Every search marketing expert will tell you that one of the best things you can do for your site is to submit it to Open Directory (DMOZ), the free directory service whose link to your site is prized by Google and other search engines. A listing in DMOZ is an imprimatur of your site’s quality and value. But is DMOZ slipping? Can your new site get the imprimatur it deserves? Recent events call the position of authority DMOZ holds into question.


First, the basics. DMOZ is important mostly because search engines think it is important. Most sites get relatively little traffic crossing the link from DMOZ itself, but because search engines value links from authoritative sites, and DMOZ is considered an authoritative site, a DMOZ link can raise your site’s organic search rankings.
And it is free. So why not submit your site? Well, there’s no reason not to submit your site, but many submitters are not getting any response. It is not uncommon for sites to wait a year or more before being listed. And submitters are even more upset about the recent move by DMOZ to simply stop status reporting on your submission request. Now, you send it in and you hope for the best.
But there is even more bad press coming the way of DMOZ. Allegations of bribery of DMOZ editors have begun. There is even a blog that regularly regales stories on corruption at DMOZ.
Whether or not the corruption allegations are true, the lack of “freshness” in DMOZ (as search experts like to refer to the slow pace of DMOZ updates) is undeniably the case.

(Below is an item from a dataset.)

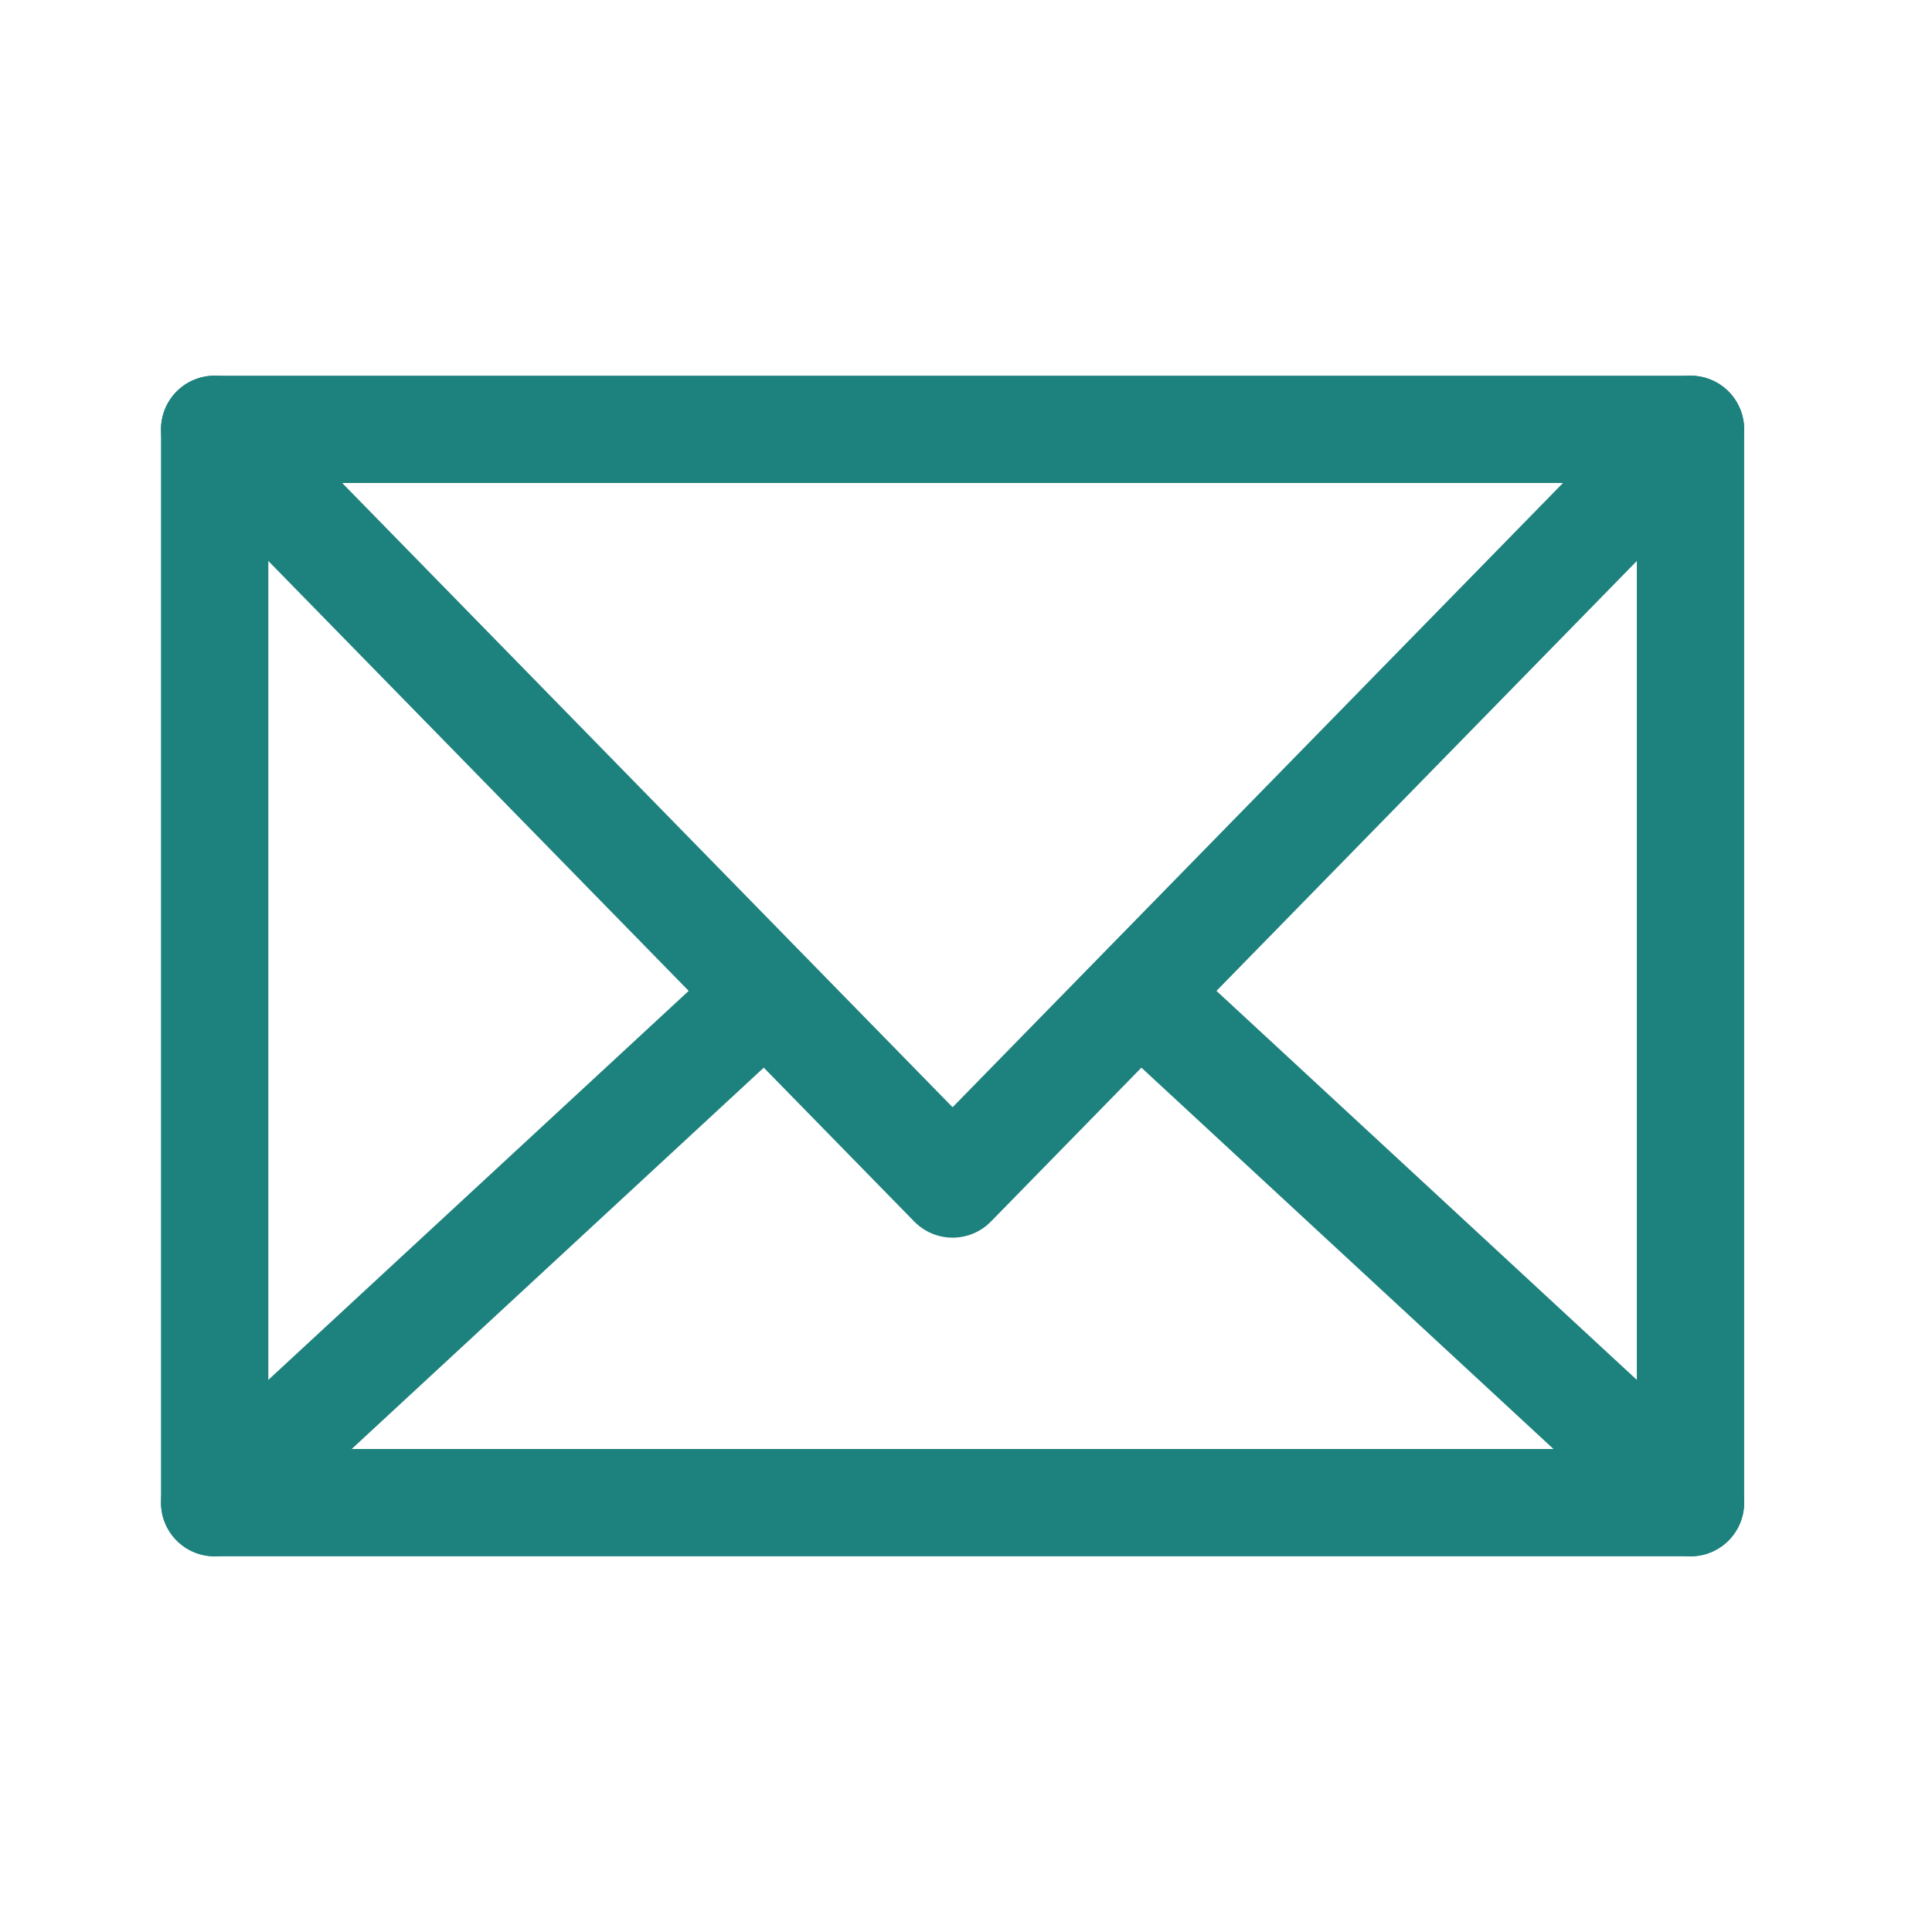 <svg width="18" height="18" viewBox="0 0 18 18" fill="none" xmlns="http://www.w3.org/2000/svg">
<path d="M15.75 4L8.875 11.031L2 4M2 14L7.066 9.312M10.684 9.312L15.75 14" stroke="#1D817E" stroke-miterlimit="10" stroke-linecap="round" stroke-linejoin="round"/>
<path d="M15.75 4H2V14H15.75V4Z" stroke="#1D817E" stroke-miterlimit="10" stroke-linecap="round" stroke-linejoin="round"/>
</svg>

The DMOZ submission backlog has been getting worse and that means that the links are less reflective of today’s Web—they look more like the Web of 2003 or 2004. Eventually, the search engines will not ignore this.
Search engines place high confidence in DMOZ as an authority because it is perceived as unbiased and up-to-date. The minute that perception of authority begins to erode, because editors are corrupt rather than unbiased, or because the directory is old rather then current, the search engines will begin to devalue the impact of a DMOZ link.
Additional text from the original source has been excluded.